*** DATA SECTION ***

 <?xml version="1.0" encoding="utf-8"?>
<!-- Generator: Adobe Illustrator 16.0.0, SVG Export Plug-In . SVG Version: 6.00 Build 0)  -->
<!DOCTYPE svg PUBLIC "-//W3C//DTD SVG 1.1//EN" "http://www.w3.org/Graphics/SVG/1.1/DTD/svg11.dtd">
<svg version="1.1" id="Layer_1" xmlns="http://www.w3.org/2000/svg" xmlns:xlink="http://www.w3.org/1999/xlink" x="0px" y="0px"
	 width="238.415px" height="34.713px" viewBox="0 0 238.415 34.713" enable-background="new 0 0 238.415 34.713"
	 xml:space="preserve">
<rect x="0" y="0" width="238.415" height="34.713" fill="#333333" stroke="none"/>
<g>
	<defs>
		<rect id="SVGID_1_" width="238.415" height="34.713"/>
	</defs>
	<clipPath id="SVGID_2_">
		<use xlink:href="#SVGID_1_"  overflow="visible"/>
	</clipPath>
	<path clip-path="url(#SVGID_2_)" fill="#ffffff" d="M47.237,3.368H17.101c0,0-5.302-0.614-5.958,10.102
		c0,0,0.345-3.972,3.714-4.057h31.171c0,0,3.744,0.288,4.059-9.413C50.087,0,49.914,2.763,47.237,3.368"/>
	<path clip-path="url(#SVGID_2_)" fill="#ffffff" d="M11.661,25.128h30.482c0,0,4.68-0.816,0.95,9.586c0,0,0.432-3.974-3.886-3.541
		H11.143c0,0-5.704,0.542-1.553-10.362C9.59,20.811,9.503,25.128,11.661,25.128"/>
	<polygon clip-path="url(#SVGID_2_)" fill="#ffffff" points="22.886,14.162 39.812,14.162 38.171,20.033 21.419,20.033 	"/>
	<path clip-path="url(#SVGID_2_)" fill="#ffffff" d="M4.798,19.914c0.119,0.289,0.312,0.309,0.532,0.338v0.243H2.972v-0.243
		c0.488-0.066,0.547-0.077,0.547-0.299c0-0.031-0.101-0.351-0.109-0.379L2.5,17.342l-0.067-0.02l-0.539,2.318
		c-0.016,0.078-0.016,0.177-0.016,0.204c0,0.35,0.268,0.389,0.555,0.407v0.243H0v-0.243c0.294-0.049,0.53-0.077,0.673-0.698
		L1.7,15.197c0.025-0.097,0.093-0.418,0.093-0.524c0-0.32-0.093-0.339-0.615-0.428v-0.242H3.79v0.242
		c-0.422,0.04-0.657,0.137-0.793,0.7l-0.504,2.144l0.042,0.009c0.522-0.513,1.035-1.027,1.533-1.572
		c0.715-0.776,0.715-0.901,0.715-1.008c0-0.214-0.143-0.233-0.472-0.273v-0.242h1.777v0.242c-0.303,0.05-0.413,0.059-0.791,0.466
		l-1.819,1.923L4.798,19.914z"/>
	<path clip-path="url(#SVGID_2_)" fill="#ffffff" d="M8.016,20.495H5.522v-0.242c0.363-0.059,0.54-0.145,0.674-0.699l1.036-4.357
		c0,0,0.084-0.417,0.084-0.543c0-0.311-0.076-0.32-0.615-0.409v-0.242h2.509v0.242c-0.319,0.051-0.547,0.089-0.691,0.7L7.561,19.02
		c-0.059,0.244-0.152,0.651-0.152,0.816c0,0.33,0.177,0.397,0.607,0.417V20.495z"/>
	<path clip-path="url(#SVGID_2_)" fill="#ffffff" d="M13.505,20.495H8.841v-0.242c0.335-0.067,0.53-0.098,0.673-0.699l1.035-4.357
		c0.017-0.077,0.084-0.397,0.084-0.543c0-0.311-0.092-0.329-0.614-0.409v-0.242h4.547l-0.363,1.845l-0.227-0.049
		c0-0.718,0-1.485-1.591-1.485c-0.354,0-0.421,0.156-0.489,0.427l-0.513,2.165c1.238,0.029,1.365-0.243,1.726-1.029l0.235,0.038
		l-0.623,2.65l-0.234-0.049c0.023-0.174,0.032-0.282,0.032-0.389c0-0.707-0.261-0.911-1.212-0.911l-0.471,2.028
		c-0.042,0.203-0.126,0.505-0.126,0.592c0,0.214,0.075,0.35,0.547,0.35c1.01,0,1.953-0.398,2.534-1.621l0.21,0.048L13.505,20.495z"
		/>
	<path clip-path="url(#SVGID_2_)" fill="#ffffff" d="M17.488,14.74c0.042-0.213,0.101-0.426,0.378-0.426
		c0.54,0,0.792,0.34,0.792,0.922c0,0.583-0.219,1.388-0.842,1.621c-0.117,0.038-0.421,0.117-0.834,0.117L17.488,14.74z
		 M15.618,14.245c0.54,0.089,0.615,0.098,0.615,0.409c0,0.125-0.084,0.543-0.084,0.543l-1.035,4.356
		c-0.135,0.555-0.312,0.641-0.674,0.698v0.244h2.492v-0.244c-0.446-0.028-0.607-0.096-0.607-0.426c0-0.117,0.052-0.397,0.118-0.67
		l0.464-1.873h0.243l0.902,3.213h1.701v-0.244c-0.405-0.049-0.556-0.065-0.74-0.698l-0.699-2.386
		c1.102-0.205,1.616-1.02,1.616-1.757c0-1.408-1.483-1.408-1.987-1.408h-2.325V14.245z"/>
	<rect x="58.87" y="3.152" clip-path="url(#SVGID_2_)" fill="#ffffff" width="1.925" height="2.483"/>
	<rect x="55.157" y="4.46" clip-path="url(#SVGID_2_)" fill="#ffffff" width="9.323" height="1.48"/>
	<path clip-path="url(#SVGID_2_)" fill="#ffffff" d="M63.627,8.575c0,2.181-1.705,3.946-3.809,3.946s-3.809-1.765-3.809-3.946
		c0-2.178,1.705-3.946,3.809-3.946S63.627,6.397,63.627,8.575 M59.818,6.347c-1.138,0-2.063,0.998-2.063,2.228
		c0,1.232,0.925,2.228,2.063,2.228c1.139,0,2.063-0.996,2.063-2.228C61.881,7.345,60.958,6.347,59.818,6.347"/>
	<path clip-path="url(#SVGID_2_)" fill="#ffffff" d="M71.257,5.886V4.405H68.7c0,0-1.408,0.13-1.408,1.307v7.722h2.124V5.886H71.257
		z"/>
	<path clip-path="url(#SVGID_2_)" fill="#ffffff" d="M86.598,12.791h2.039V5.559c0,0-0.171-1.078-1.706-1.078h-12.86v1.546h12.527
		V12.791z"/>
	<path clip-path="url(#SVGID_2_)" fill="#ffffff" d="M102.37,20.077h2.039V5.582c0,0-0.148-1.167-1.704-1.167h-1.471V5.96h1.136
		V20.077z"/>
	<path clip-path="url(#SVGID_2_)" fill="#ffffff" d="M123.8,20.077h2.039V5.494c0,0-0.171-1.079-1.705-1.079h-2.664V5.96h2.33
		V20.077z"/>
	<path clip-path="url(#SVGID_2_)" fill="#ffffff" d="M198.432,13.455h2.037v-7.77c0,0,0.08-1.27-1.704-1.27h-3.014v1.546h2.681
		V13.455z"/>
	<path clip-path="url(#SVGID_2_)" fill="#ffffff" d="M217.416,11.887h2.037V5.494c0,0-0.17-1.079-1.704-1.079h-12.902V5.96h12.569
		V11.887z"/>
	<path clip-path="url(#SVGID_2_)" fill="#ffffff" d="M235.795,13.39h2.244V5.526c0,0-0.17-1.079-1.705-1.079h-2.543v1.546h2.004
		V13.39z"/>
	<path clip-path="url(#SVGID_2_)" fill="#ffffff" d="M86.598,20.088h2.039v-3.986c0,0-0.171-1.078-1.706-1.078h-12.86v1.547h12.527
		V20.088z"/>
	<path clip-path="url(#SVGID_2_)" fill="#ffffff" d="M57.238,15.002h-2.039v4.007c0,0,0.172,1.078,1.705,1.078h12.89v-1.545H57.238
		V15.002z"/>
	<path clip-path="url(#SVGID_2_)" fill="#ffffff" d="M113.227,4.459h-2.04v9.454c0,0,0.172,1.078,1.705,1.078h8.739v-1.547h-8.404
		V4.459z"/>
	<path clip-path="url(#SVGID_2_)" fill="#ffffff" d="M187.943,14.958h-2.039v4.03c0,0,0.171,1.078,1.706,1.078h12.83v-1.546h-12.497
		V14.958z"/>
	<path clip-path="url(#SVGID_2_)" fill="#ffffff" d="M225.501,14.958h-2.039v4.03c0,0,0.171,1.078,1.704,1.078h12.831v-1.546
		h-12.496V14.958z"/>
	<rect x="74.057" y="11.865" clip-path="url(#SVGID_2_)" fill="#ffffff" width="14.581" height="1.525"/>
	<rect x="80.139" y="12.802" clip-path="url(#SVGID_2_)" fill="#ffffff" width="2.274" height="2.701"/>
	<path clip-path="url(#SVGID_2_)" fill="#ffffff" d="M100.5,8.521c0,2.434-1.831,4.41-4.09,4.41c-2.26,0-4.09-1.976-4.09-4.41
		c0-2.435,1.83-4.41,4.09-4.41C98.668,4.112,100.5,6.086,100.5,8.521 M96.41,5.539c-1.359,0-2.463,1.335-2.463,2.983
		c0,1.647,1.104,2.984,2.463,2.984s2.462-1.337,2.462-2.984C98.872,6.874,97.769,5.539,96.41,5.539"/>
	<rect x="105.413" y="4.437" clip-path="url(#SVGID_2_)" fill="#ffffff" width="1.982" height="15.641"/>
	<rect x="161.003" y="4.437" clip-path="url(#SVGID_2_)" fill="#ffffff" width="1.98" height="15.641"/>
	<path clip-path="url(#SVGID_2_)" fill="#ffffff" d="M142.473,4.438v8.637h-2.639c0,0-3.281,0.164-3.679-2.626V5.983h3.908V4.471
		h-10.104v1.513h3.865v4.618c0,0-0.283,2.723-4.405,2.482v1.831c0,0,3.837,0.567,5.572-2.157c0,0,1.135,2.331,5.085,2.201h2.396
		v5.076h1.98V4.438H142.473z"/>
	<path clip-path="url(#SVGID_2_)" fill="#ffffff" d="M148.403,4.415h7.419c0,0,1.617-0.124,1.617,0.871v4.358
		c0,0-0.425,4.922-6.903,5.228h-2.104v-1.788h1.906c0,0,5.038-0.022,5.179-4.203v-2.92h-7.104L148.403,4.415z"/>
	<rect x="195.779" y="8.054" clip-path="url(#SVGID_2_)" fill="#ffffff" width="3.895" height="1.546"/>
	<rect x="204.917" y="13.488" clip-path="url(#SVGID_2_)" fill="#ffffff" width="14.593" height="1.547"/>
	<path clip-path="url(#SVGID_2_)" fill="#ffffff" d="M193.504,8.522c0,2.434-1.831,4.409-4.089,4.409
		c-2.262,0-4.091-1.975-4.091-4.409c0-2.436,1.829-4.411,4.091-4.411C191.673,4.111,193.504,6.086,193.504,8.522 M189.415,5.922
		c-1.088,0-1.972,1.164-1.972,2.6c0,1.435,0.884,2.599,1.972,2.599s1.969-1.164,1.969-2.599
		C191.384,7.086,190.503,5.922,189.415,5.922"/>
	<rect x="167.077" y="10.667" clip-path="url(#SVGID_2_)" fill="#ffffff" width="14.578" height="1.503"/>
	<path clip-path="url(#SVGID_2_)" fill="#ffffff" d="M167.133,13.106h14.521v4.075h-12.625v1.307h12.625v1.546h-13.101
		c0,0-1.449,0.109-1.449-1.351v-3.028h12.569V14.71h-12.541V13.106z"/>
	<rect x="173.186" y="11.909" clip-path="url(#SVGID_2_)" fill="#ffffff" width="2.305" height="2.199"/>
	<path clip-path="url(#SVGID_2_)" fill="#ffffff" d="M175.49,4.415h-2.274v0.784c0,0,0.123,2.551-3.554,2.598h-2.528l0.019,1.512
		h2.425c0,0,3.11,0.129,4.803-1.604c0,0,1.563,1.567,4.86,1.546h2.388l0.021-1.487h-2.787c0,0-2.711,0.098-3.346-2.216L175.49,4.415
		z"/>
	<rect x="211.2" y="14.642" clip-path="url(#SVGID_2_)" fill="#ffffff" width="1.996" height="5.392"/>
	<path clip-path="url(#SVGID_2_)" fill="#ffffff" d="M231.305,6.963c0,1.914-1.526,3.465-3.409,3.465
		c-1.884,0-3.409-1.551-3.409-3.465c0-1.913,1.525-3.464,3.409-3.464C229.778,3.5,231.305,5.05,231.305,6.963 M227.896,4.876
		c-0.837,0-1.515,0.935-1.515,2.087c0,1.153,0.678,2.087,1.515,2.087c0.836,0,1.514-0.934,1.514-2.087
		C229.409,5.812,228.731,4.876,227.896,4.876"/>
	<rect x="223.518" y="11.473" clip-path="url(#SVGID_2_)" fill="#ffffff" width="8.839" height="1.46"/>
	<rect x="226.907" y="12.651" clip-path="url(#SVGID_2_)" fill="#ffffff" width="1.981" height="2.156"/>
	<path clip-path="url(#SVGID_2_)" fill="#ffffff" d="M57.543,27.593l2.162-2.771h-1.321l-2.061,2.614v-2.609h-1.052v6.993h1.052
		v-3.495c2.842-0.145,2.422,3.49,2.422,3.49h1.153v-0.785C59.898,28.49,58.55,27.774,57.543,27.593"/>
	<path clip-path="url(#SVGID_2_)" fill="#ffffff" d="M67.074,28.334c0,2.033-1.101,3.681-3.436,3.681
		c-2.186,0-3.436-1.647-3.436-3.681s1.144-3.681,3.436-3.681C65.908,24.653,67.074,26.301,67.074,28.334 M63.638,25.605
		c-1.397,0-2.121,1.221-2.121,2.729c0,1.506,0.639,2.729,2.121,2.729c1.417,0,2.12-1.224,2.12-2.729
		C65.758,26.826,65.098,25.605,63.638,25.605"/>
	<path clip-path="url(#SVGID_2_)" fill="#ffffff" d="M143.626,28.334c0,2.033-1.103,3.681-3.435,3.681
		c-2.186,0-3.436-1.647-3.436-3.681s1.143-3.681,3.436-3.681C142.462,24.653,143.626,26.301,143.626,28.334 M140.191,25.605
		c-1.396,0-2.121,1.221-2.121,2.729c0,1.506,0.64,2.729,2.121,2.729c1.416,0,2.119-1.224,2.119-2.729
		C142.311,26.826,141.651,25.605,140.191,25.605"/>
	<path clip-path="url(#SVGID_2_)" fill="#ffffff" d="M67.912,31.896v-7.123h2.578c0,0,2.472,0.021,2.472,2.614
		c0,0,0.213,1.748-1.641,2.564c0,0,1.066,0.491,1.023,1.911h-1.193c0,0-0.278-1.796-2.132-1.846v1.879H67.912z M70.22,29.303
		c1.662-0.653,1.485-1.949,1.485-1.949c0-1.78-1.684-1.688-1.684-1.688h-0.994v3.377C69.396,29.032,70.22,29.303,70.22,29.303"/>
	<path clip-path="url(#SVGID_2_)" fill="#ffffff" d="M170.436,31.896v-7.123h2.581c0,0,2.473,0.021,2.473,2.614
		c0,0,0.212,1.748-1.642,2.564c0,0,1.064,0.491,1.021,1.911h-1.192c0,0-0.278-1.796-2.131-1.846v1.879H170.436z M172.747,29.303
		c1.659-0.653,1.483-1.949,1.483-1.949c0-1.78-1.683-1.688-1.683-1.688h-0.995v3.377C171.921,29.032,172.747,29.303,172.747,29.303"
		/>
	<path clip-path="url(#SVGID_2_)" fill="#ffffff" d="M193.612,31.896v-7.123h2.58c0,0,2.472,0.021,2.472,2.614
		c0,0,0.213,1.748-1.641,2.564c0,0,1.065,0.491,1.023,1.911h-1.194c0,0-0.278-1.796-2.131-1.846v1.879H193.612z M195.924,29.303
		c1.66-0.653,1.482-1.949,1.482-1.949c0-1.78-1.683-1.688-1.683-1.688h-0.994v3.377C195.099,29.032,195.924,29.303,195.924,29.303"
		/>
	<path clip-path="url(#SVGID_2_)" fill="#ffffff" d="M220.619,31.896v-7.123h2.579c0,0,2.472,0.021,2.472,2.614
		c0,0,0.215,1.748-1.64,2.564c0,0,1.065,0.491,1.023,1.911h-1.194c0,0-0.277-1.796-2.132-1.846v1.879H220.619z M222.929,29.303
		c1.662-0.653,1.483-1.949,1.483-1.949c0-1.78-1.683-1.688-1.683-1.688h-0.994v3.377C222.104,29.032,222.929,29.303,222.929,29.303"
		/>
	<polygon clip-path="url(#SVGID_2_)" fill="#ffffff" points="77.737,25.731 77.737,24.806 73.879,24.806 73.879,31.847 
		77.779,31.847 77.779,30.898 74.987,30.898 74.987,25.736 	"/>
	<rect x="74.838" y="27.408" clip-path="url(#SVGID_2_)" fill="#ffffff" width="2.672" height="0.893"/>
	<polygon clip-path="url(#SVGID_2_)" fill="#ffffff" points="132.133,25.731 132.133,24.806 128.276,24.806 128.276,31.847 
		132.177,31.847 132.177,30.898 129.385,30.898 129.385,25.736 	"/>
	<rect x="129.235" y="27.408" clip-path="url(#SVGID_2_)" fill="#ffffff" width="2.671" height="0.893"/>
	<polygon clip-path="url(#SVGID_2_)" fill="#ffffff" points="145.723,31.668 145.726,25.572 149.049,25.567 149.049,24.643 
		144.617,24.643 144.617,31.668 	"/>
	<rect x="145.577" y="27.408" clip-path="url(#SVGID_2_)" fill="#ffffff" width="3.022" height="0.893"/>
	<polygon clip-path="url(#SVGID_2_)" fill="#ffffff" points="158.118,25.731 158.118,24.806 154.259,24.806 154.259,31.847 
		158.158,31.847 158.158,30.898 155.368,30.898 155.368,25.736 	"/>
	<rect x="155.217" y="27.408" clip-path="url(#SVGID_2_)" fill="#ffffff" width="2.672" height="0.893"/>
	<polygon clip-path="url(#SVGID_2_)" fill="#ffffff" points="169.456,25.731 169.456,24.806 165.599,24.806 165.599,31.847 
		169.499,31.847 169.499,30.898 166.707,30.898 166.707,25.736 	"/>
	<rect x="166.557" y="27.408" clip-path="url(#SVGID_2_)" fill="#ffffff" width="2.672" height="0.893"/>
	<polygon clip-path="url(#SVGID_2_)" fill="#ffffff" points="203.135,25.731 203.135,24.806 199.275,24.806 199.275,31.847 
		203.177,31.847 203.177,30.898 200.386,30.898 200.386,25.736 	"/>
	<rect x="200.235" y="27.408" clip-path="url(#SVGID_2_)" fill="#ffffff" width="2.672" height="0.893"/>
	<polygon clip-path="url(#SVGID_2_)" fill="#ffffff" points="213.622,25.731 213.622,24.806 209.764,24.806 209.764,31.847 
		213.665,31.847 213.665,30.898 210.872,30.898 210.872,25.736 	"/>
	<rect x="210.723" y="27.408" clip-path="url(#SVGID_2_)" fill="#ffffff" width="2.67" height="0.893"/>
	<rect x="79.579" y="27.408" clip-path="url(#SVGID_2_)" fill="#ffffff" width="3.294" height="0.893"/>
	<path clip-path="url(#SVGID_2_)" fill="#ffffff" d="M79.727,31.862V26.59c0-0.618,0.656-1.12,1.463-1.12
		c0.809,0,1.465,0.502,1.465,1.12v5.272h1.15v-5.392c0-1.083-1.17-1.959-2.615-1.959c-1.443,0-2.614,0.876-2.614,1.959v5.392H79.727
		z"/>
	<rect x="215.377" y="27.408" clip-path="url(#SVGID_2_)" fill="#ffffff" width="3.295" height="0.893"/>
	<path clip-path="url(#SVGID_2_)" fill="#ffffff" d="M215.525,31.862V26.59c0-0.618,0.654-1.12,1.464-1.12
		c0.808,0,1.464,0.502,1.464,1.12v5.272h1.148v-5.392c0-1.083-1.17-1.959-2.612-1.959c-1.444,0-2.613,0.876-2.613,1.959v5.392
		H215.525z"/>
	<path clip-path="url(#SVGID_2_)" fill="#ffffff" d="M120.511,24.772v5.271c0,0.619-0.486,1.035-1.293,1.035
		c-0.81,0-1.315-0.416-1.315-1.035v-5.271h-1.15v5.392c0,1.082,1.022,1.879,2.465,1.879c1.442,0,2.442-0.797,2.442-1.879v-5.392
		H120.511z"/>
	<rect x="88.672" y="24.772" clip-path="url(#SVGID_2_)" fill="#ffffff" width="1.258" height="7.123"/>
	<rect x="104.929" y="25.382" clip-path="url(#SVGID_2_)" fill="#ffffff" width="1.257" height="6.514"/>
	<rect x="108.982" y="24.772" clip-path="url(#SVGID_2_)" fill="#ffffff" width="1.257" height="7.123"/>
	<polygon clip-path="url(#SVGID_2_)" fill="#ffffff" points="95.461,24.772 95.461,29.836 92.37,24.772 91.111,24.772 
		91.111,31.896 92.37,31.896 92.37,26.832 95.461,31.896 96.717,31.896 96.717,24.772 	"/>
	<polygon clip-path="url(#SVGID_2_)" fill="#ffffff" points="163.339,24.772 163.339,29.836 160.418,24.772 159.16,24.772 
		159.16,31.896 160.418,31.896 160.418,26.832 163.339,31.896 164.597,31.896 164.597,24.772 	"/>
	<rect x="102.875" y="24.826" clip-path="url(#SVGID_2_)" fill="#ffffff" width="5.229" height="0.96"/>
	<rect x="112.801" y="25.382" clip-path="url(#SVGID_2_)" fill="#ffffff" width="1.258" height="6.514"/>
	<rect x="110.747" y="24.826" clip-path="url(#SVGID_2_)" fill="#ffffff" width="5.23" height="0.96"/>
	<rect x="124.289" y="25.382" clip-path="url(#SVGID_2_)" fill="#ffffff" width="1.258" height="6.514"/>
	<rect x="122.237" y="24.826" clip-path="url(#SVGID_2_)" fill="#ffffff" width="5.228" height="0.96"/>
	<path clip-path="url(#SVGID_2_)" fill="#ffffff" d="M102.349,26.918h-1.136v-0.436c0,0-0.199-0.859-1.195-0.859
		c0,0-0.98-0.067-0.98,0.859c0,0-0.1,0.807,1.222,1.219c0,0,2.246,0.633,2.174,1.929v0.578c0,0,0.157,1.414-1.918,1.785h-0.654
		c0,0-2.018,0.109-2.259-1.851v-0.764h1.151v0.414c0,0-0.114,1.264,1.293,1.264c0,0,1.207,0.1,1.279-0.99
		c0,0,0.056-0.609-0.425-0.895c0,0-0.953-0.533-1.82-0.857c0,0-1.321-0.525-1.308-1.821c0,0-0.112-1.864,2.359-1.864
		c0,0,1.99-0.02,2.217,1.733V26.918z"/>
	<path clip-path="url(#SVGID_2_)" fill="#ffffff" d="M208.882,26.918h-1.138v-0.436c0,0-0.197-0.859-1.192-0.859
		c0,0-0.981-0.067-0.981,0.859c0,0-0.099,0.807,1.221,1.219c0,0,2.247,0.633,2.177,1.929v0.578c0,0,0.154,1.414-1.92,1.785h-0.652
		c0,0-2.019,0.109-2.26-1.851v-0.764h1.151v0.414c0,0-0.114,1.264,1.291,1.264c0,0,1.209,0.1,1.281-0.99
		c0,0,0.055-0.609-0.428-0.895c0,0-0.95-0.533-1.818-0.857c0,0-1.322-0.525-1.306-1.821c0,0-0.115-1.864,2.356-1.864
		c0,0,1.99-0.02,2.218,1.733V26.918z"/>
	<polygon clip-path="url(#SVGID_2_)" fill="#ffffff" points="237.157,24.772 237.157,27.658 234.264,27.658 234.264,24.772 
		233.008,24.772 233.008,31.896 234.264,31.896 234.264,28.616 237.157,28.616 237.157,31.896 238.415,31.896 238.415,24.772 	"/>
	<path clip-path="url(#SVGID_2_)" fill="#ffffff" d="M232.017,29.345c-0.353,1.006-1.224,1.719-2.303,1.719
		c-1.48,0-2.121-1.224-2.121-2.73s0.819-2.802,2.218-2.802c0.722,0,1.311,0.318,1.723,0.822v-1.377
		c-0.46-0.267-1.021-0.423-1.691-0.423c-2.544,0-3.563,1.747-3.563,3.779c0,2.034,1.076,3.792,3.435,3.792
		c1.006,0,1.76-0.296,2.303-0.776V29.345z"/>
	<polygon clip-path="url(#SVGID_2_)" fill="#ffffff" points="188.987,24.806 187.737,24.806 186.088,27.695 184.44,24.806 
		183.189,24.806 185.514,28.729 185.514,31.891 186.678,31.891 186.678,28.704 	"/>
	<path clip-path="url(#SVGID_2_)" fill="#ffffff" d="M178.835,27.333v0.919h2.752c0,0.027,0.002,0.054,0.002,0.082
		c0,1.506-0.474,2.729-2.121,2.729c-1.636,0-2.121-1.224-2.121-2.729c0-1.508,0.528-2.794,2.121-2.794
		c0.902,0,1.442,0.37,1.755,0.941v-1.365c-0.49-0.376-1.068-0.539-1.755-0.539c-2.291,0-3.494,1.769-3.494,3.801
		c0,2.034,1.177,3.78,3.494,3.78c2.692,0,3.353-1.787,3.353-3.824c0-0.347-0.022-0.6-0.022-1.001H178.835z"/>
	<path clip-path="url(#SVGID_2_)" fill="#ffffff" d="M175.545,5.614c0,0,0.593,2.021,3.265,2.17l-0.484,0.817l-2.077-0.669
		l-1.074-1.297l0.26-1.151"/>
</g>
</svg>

*** End of DATA SECTION ***

PROBLEM DESCRIPTION: All lines in the records that contain "xlink" are to be copied and returned.

ANSWER TO THE EXERCISE:
<svg version="1.1" id="Layer_1" xmlns="http://www.w3.org/2000/svg" xmlns:xlink="http://www.w3.org/1999/xlink" x="0px" y="0px"
		<use xlink:href="#SVGID_1_"  overflow="visible"/>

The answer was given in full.